Tiga di antaranya, yakni Anang Latif, Galumbang Menak, dan Irwan Hermawan tak hanya dijerat korupsi, tapi juga tindak pidana pencucian uang (TPPU).
Kemudian ada dua orang yang perkaranya tak lama lagi dilimpahkan ke pengadilan, ialah Direktur Utama Basis Investments, Muhammad Yusrizki Muliawan dan Direktur PT Multimedia Berdikari Sejahtera, Windi Purnama.
Yusrizki dijerat pasal korupsi, sedangkan Windi Purnama TPPU.
Lalu seiring perkembangan proses persidangan, ada empat tersangka yang telah ditetapkan, yakni: Pejabat Pembuat Komitmen (PPK) BAKTI Kominfo, Elvano Hatohorangan; Kepala Divisi Backhaul/ Lastmile BAKTI Kominfo, Muhammad Feriandi Mirza; Direktur Utama PT Sansaine Exindo, Jemmy Sutjiawan; dan Tenaga Ahli Kominfo, Walbertus Natalius Wisang.
Keempatnya dijerat dugaan korupsi dalam kasus BTS ini.
Baca juga: Pegawainya Disebut Terima Aliran Dana Rp40 Miliar dari Kasus Korupsi BTS Kominfo, Begini Respons BPK
Terkhusus Walbertus, selain dijerat korupsi juga dijerat dugaan perintangan proses hukum.

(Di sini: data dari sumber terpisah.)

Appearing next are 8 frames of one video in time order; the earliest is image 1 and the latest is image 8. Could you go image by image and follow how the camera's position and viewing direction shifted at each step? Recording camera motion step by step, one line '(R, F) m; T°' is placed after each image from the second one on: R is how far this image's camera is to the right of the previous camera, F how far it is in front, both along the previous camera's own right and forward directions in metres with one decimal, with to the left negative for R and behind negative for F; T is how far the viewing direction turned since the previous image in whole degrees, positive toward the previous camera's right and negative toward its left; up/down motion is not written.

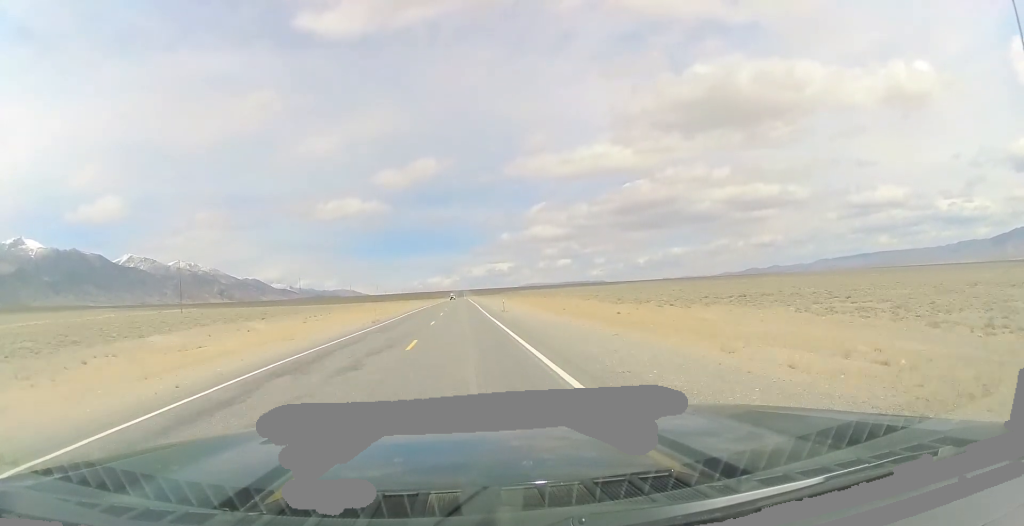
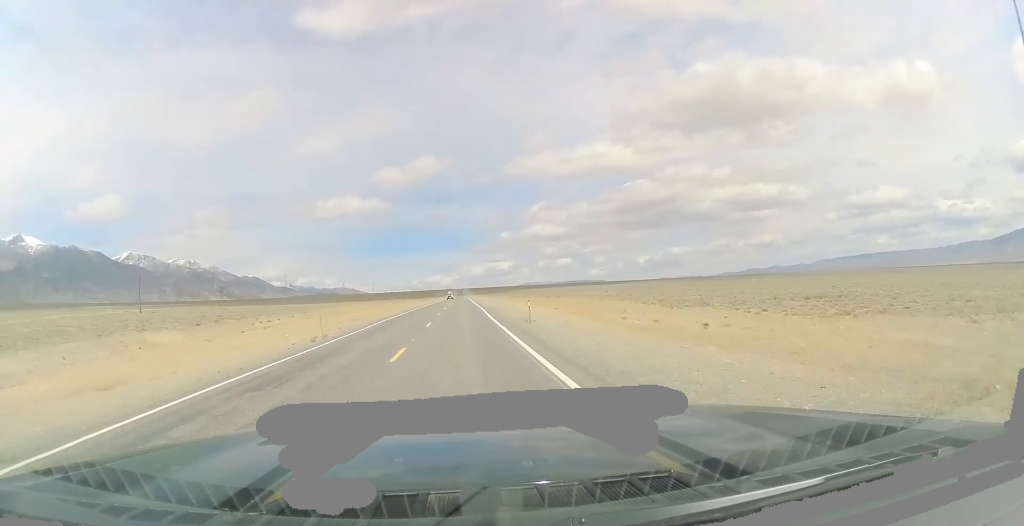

Mereka yang dijerat korupsi, dikenakan Pasal 2 ayat (1) subsidair Pasal 3 jo. Pasal 18 Undang-Undang Nomor 31 Tahun 1999 tentang Pemberantasan Tindak Pidana Korupsi sebagaimana telah diubah dengan Undang-Undang Nomor 20 Tahun 2001 tentang Perubahaan atas Undang-Undang Nomor 31 Tahun 1999 tentang Pemberantasan Tindak Pidana Korupsi jo. Pasal 55 ayat (1) ke-1 KUHP.
Kemudian yang dijerat TPPU dikenakan Pasal 3 subsidair Pasal 4 Undang-Undang Nomor 8 Tahun 2010 tentang Pencegahan dan Pemberantasan Tindak Pidana Pencucian Uang.
Sementara yang dijerat perintangan proses hukum dikenakan Pasal 21 atau Pasal 22 Jo. Pasal 35 Ayat (1) Undang-Undang Nomor 31 Tahun 1999 tentang Pemberantasan Tindak Pidana Korupsi Jo. Undang-Undang Nomor 20 Tahun 2001 tentang Perubahan Atas Undang-Undang Nomor 31 Tahun 1999 tentang Pemberantasan Tindak Pidana Korupsi.